Thank you for the detailed article – I love the addition of the videos, especially the neck relief one.
In the past, even when I was actively recovering from intense activity, I would do it mainly for pain relief or for the fear of pain. Since I have been immersed in the Tune-up Fitness content, I have gradually noticed a change in my mindset and I can finally say that I perform the active recovery with intent and compassion towards myself with clear knowledge that it helps not only my body but also my state of mind. It feels good to finally actively care for myself. During the yoga tune-up teachers training I was introduced to the term Sankalpa, and I was so surprised how incorporating it to any practice, and especially to the active recovery, works so deeply!
Such a great article. I have to admit, that I’ve been a victim of the high performance, no pain no gain mindset a few years back and it took a few cycles of burnout both physically and cognitively/emotionally to finally have that “Aha” moment of incorporating these “slow” days into the routine. When we don’t listen to our bodies, eventually are body will force us to listen to it. I really like the word “active recovery” vs rest day as your not being lazy or unconsciously doing nothing. You are making prigress, you are being mindful and conscious about it! I also love the step by step of how to for the folks that need that extra support. Thanks!!
Thank you for this article. I appreciate the term “active recovery” over “rest day,” which can sometimes suggest that a person is doing nothing or being “lazy.” Society often emphasizes performance and glorifies pushing ourselves to the limit, but this piece, grounded in research, highlights the importance of a balanced approach for sustainable, long-term health.
Our cultural mindset is so oriented toward doing rather than being. Cultivating a practice of active recovery often requires some initial reframing and an extra dose of self-compassion. And yet, it feels so deeply nourishing to tend to ourselves in these ways that it can become very easy to prioritize consistent, meaningful self-care practices over time.

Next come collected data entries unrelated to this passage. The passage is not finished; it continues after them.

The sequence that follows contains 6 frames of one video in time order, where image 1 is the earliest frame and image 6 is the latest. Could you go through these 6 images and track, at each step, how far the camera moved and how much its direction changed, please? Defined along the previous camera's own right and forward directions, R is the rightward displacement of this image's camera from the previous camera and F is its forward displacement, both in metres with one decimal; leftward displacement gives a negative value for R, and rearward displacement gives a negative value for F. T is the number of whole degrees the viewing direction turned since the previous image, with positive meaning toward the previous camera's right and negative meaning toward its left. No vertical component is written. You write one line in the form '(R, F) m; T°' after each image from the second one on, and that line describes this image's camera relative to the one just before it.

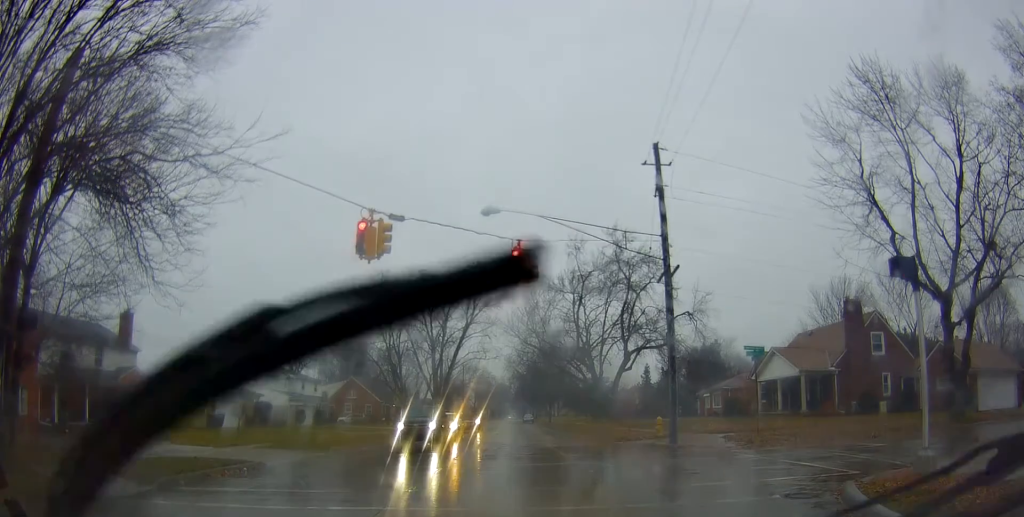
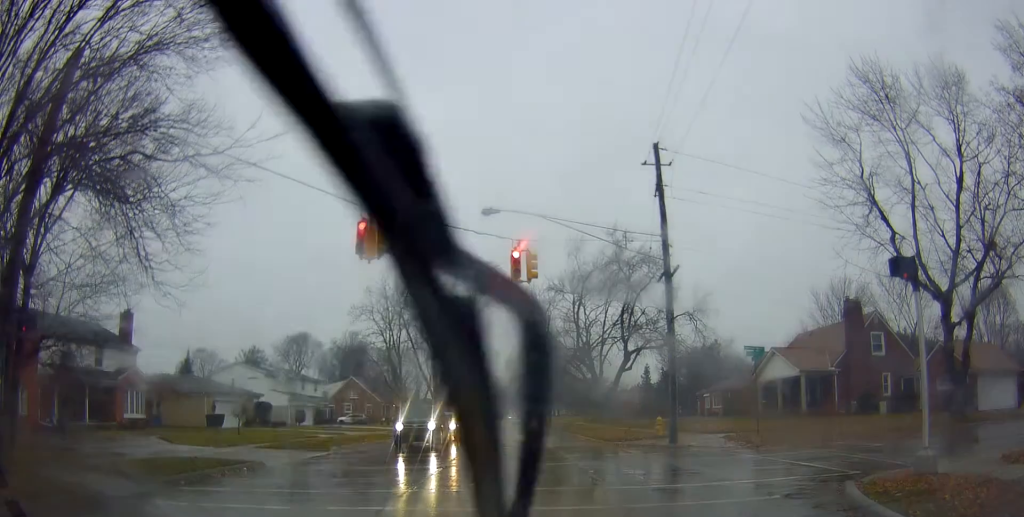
(+0.1, +0.4) m; 0°
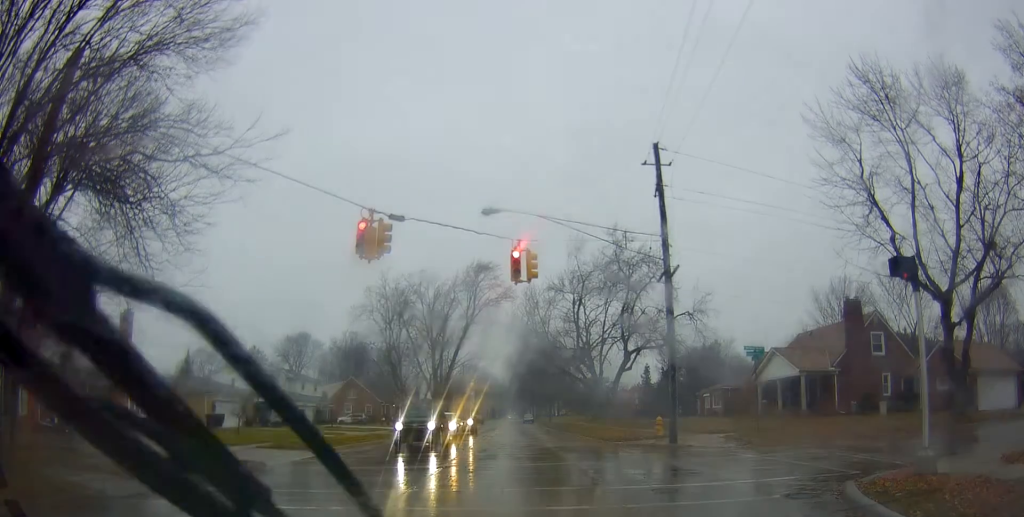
(0.0, +0.2) m; 0°
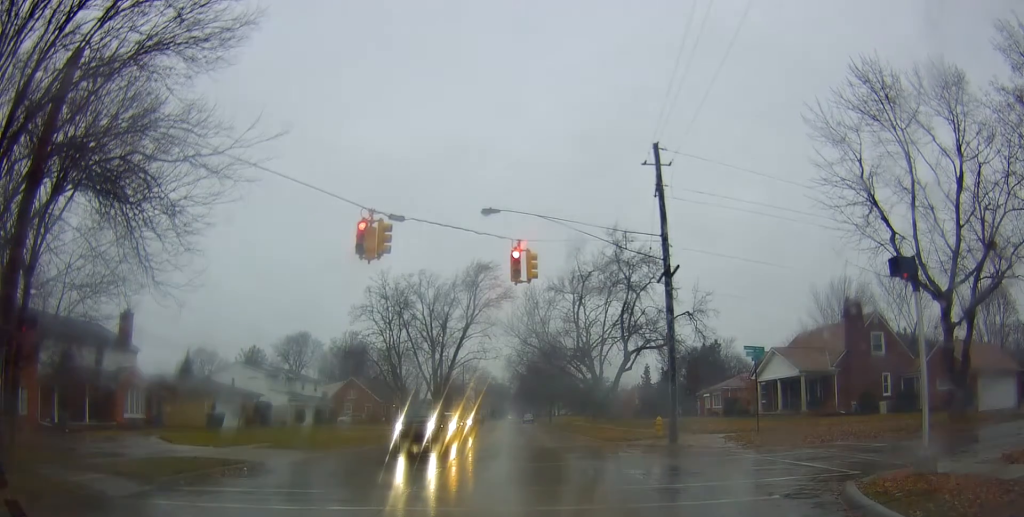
(0.0, 0.0) m; 0°
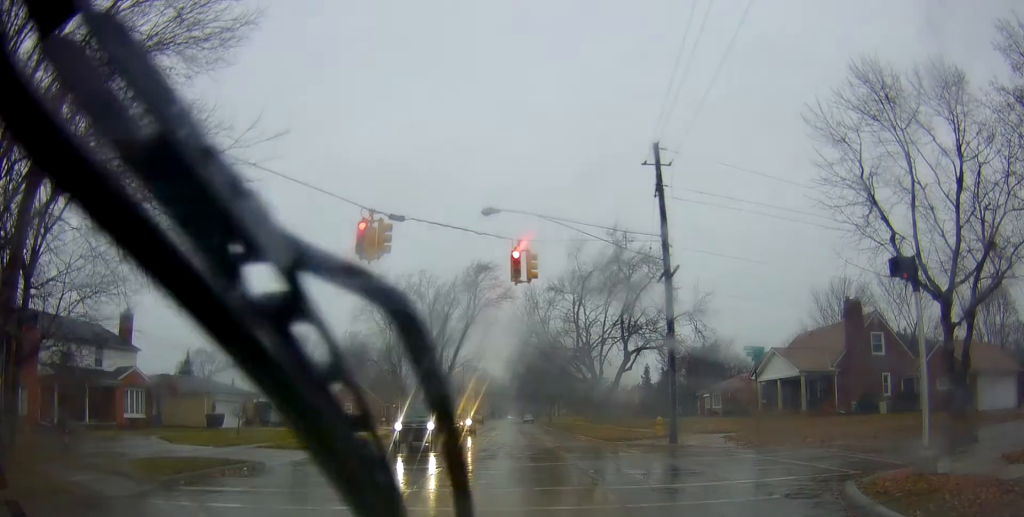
(0.0, 0.0) m; 0°
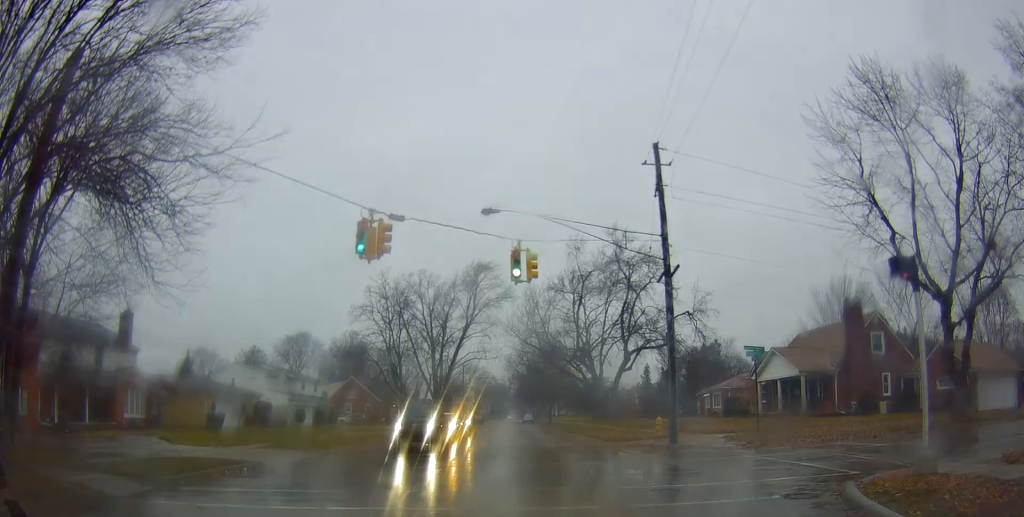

Wow our culture really has us counting our steps, how many hours we work out and do challenges etc. I find that I often do not put myself into my own schedule when it comes to recovery and self care. I am guilty of the crash and burn. This actually has created a need for more recovery time. I embrace the need to slow down and let there be space between all the movement. In addition to your suggestions of self massage, stretching and breathwork~ I constantly have to remind myself of water!!! Drink water, I learned that it is good to do half your weight in ounces daily. For example, if you are 160lbs, drink 80 oz of water daily. I also am learning to hydrate earlier in the day because later can disturb sleep with the need to release the bladder. Castor oil for joint care, helps the joint mobilization as well as break down old scar tissue. I mix my castor oil with half lotion so it is smoother than on its own. I am inspired with this post to design a routine to maximize my time instead of flowing and then pain can set in to make me slow down and take care. I’d rather make a plan today. Thanks for the insight!
Great article! Active recovery is such a game-changer for anyone who works out regularly. As a Yoga teacher who teaches at a rock climbing gym, I spent a lot of my time talking to people I see there almost daily about varying their body movement and taking active rest days to avoid injuries – usually they have to learn the hard way before they’ll listen! I know that I feel best when I move my body everyday, and not only should the activity vary over the course of the week, so should the intensity! I’ll definitely be forwarding this to some of my climbing friends!
This article provides a well-rounded and insightful perspective on the importance of balancing intense workouts with active recovery, and it really resonates with my personal experience. I absolutely love yoga, strength training, and ending my sessions with a relaxing sauna. In yoga, I particularly enjoy the relaxation phase—it’s the perfect balance between the active part of the practice and rest, allowing me to fully unwind and connect with my body. After a strength workout, I always make time for the sauna. It’s the ideal way to relax my muscles and mind, completing my routine with a sense of calm and rejuvenation.
It’s refreshing to see a shift in the narrative away from the “no pain, no gain” mentality, which can often lead to burnout and long-term health issues. The emphasis on active recovery as not just a break, but as a proactive and essential part of a fitness routine, resonates deeply. Incorporating active recovery into a training regimen is indeed a wise approach to building sustainable strength and resilience. This article is a great reminder that true fitness is about listening to your body and finding a balance that promotes overall health.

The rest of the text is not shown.